In this tutorial I describe an algorithm that I wrote in order to analyse the HTTP requests blocked by mod security for Apache HTTPD.  In my environment Mod Security is interfaced with OWASP Core Rule Set version 3 but the algorithm should work for other rules. 

1. Parse the Audit File

Mod Security audit log file is organised in sections.  Each section starts on a new line and can be composed of multiple lines.  Sections are separated by a line specifying the transaction IDs and section code. A description of each section can be found here: https://www.feistyduck.com

 --38c0471f-A--  
[04/Apr/2018:15:35:55 +0000] WsTw20sPICSQr9pUrF5lpQAAAAs x.x.x.x 46351 x.x.x.x 443
--38c0471f-B--
GET /sitemap.xml HTTP/1.1
Host: 155.198.29.141
Accept-Encoding: identity

For performance issue, we decided to read the audit file line by line in R. This means that our algorithm acts pretty much as a “human” reader would. A set of functions “understand” the content of the current line given the information retrieved in the previous lines. For example, if the previous line was 

 --38c0471f-A-- 

Then, the current line must indicates the time of the request, its ID and  the source and destination IP addresses and ports.  (this is because -A– is an Audit Log Header)
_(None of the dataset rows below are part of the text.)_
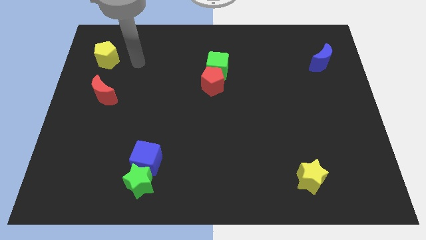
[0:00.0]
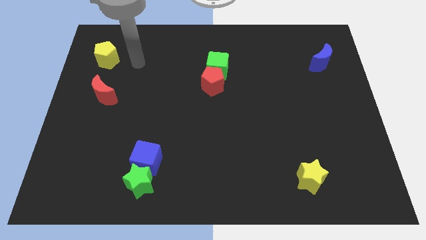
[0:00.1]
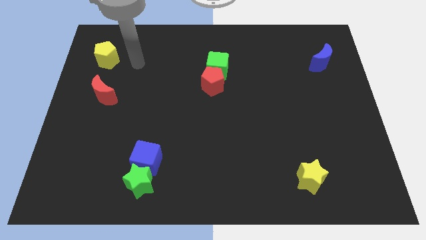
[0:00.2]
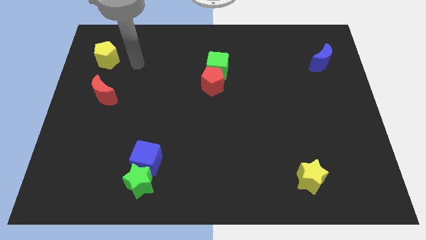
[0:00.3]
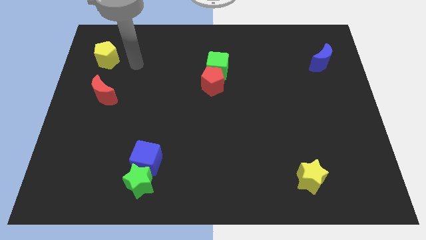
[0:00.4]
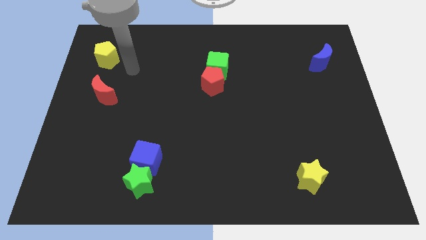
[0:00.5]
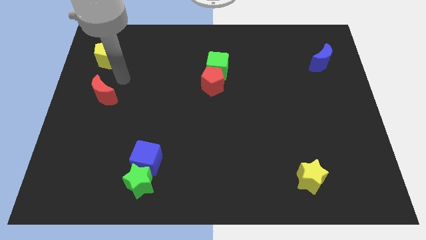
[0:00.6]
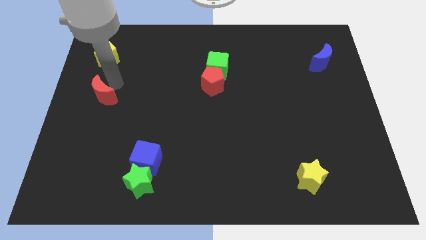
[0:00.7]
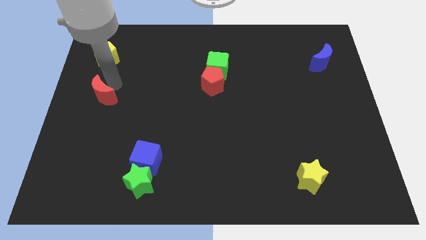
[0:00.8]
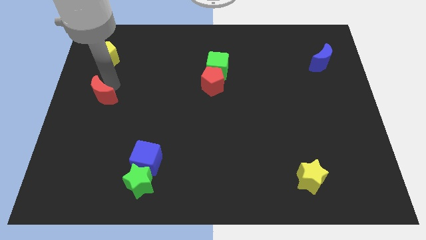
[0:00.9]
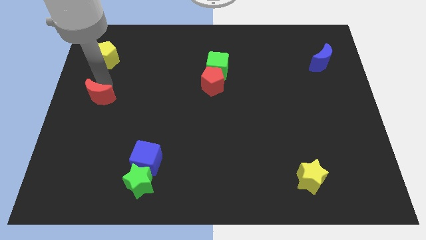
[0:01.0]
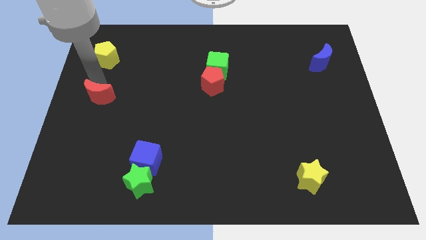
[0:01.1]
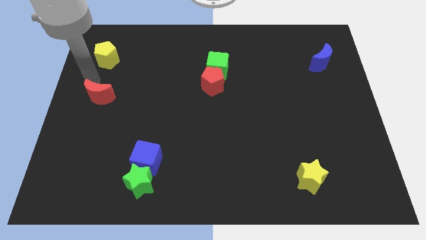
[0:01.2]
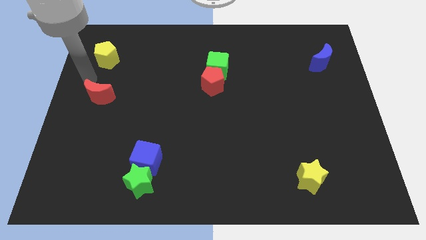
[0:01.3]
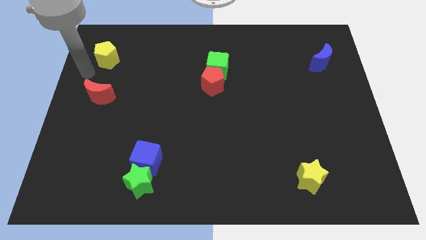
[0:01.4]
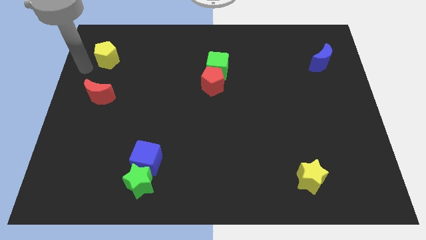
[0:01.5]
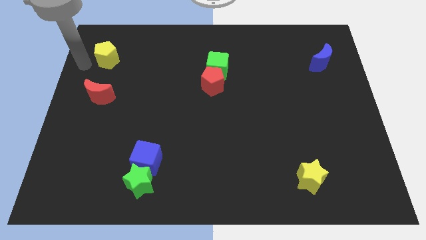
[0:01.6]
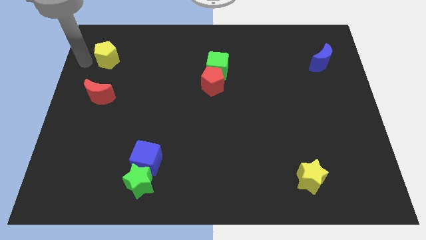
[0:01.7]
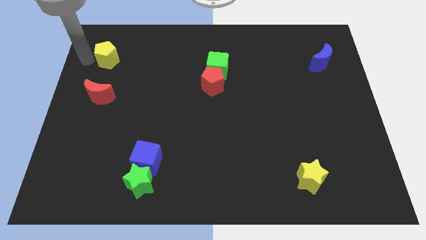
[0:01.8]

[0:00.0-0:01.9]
tap at the top side of the red crescent

 [04/Apr/2018:15:35:55 +0000] WsTw20sPICSQr9pUrF5lpQAAAAs x.x.x.x 46351 x.x.x.x 443  
Using regex we created a set of function that validate the type of line and extract the relevant content.
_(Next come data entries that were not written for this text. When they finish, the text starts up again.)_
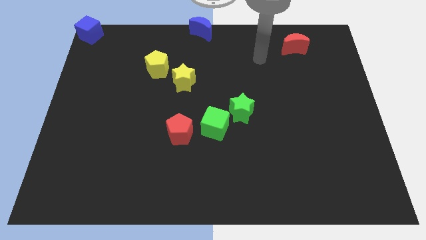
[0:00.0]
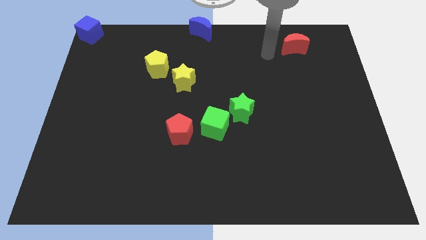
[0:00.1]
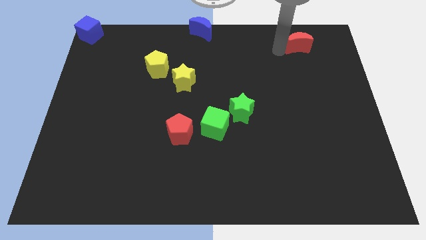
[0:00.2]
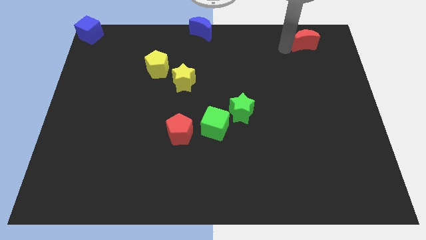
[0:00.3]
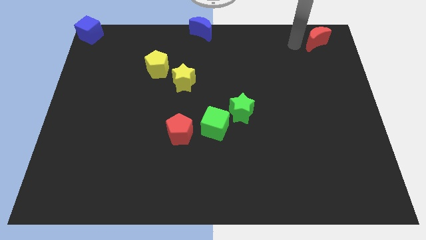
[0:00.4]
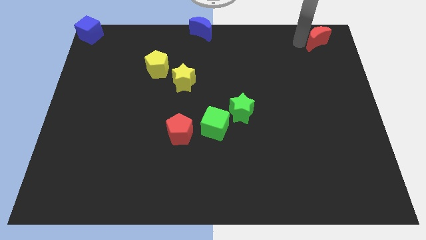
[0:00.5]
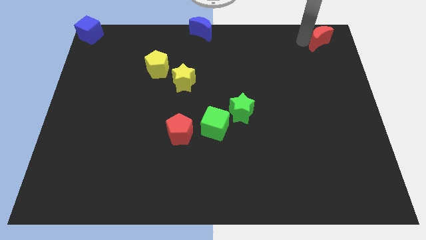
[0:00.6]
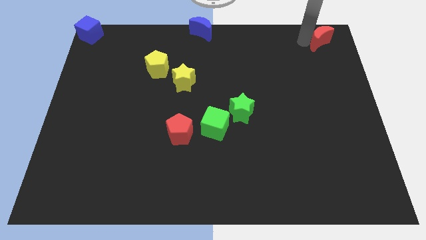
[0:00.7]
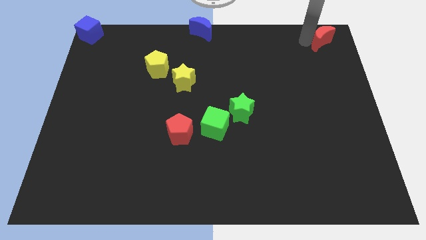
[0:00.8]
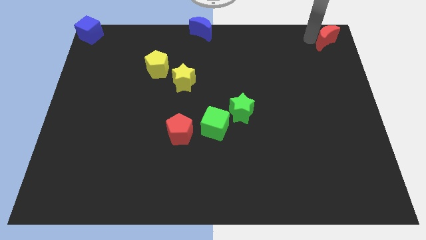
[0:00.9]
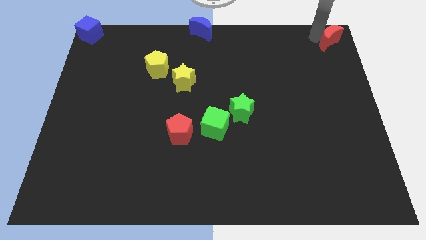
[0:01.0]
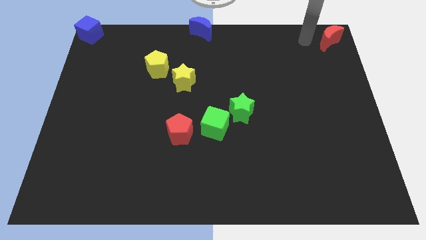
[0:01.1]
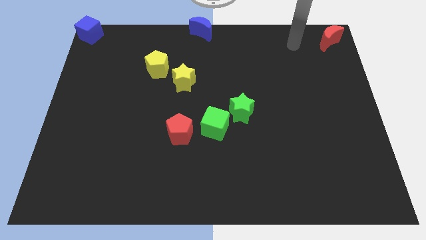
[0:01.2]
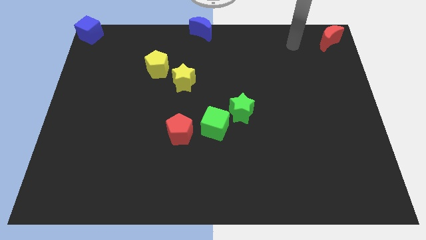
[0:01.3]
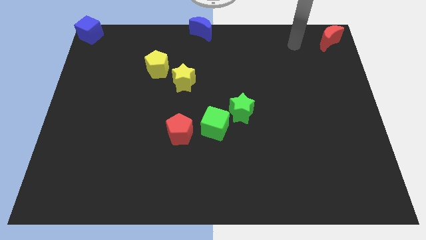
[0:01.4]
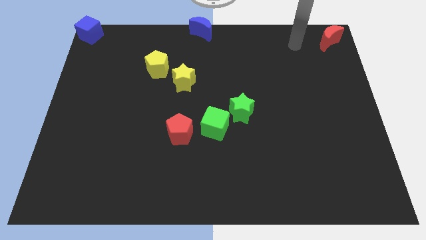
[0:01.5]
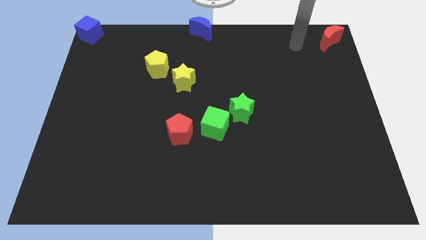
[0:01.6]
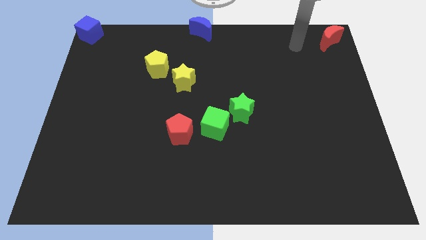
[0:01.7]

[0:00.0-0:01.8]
push the red moon to the top left

1.a Check and extract the content of the Section header and the Audit Log Header (A)

In order to check the presence of a specific text pattern or extract text within a text pattern we use regular expressions. We imported the package “stringr”, a great library that makes our life easier. The first function below evaluates if the current line is announcing a new section. The second function extracts the transaction ID.  The third function extracts the section type. The function “auditLogGetTransactionDate” retrieves the date of the transaction as an R Date object. The last function retrieves the source and destination IPs and Ports as two String (i.e. [“ipSource portSource”, “ipDest portDest”].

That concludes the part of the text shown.